Your objective
Pictures aside, quote the whole listing exactly.

━━━━━━━━━━

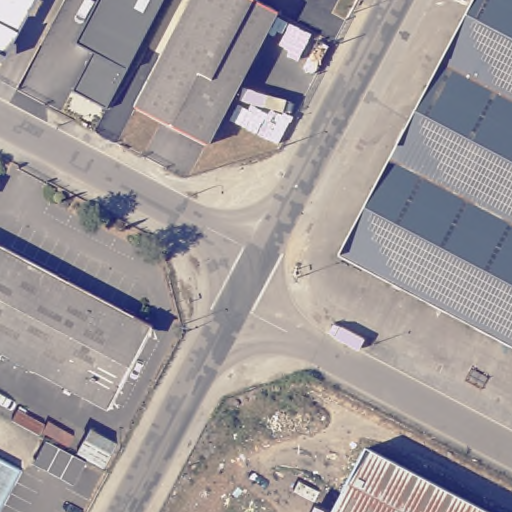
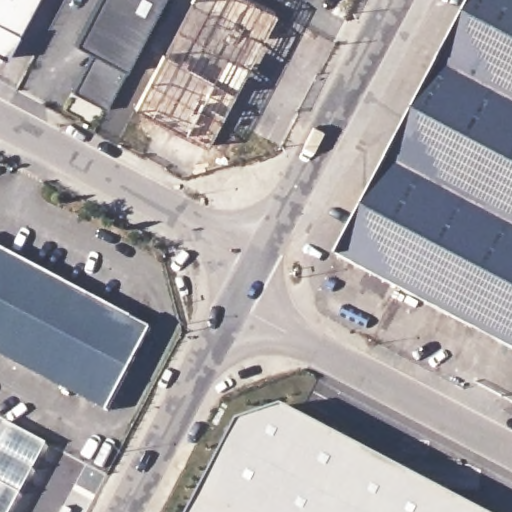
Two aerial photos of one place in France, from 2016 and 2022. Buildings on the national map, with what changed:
unchanged [(0,52),(0,0),(41,0),(11,57),(0,52)]
unchanged [(107,108),(74,91),(97,52),(75,41),(97,0),(162,0),(127,69),(107,108)]
unchanged [(136,109),(192,0),(247,0),(275,14),(207,145),(136,109)]
unchanged [(342,256),(477,0),(512,0),(512,346),(342,256)]
unchanged [(0,248),(151,328),(107,411),(0,356),(0,248)]
new [(240,421),(283,407),(484,512),(192,512),(240,421)]
demolished [(368,443),(498,512),(332,512),(368,443)]
demolished [(1,512),(0,512),(0,458),(24,471),(1,512)]

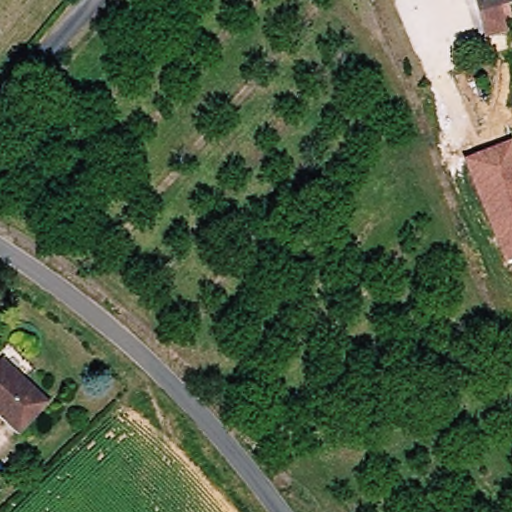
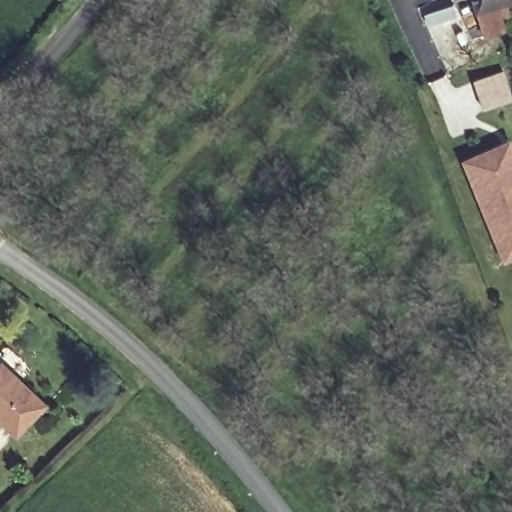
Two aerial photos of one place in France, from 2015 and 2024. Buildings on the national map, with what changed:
unchanged [(471,0),(510,0),(512,8),(512,11),(502,15),(506,29),(485,38),(471,0)]
new [(502,73),(510,102),(481,110),(473,82),(502,73)]
unchanged [(512,260),(503,262),(463,161),(512,143),(512,260)]
unchanged [(41,399),(10,432),(0,422),(0,360),(41,399)]

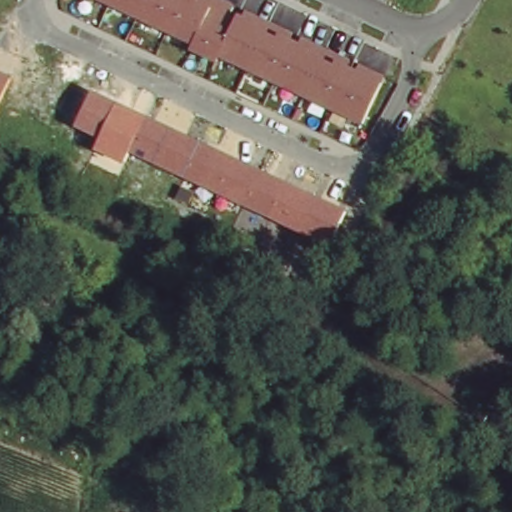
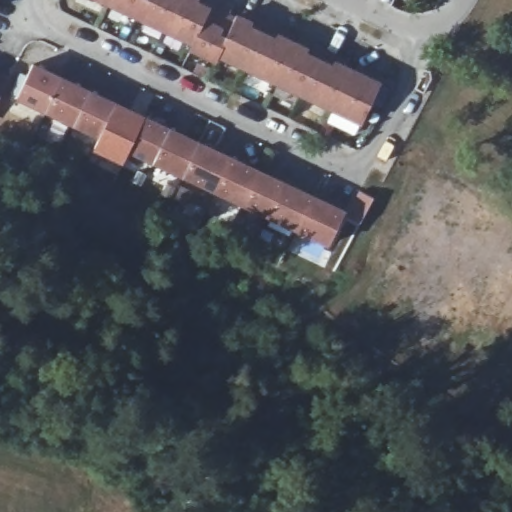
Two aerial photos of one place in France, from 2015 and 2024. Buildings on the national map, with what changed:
unchanged [(231,8),(254,17),(256,14),(282,25),(280,31),(309,45),(311,40),(339,52),(337,57),(382,78),(362,124),(220,55),(217,61),(189,49),(192,44),(99,0),(228,0),(233,2),(231,8)]
new [(74,128),(19,99),(35,66),(91,91),(74,128)]
unchanged [(0,95),(0,69),(10,73),(0,95)]
unchanged [(91,91),(347,210),(330,247),(130,156),(125,165),(95,151),(98,141),(74,128),(91,91)]

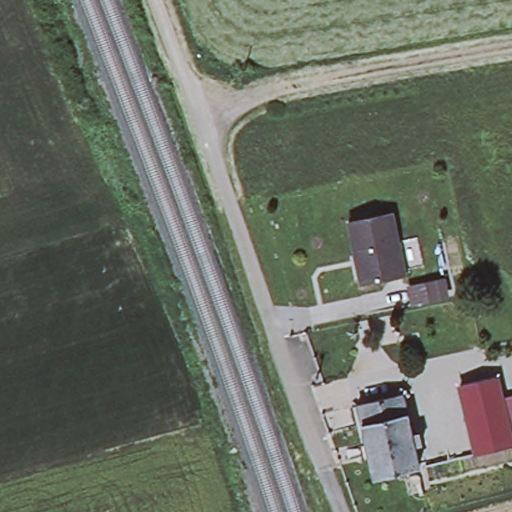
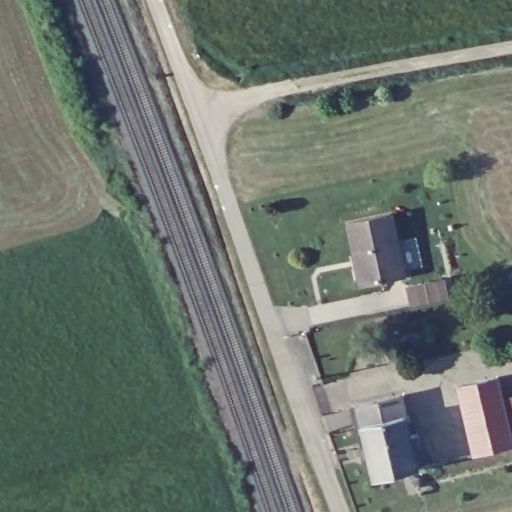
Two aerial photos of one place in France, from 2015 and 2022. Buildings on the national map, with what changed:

━━━━━━━━━━

Response to this task
Two aerial photos of one place in France, from 2016 and 2022. Buildings on the national map, with what changed:
unchanged [(0,52),(0,0),(41,0),(11,57),(0,52)]
unchanged [(107,108),(74,91),(97,52),(75,41),(97,0),(162,0),(127,69),(107,108)]
unchanged [(136,109),(192,0),(247,0),(275,14),(207,145),(136,109)]
unchanged [(342,256),(477,0),(512,0),(512,346),(342,256)]
unchanged [(0,248),(151,328),(107,411),(0,356),(0,248)]
new [(240,421),(283,407),(484,512),(192,512),(240,421)]
demolished [(368,443),(498,512),(332,512),(368,443)]
demolished [(1,512),(0,512),(0,458),(24,471),(1,512)]

Two aerial photos of one place in France, from 2015 and 2024. Buildings on the national map, with what changed:
unchanged [(471,0),(510,0),(512,8),(512,11),(502,15),(506,29),(485,38),(471,0)]
new [(502,73),(510,102),(481,110),(473,82),(502,73)]
unchanged [(512,260),(503,262),(463,161),(512,143),(512,260)]
unchanged [(41,399),(10,432),(0,422),(0,360),(41,399)]

Two aerial photos of one place in France, from 2015 and 2024. Buildings on the national map, with what changed:
unchanged [(231,8),(254,17),(256,14),(282,25),(280,31),(309,45),(311,40),(339,52),(337,57),(382,78),(362,124),(220,55),(217,61),(189,49),(192,44),(99,0),(228,0),(233,2),(231,8)]
new [(74,128),(19,99),(35,66),(91,91),(74,128)]
unchanged [(0,95),(0,69),(10,73),(0,95)]
unchanged [(91,91),(347,210),(330,247),(130,156),(125,165),(95,151),(98,141),(74,128),(91,91)]

Two aerial photos of one place in France, from 2015 and 2022. Buildings on the national map, with what changed:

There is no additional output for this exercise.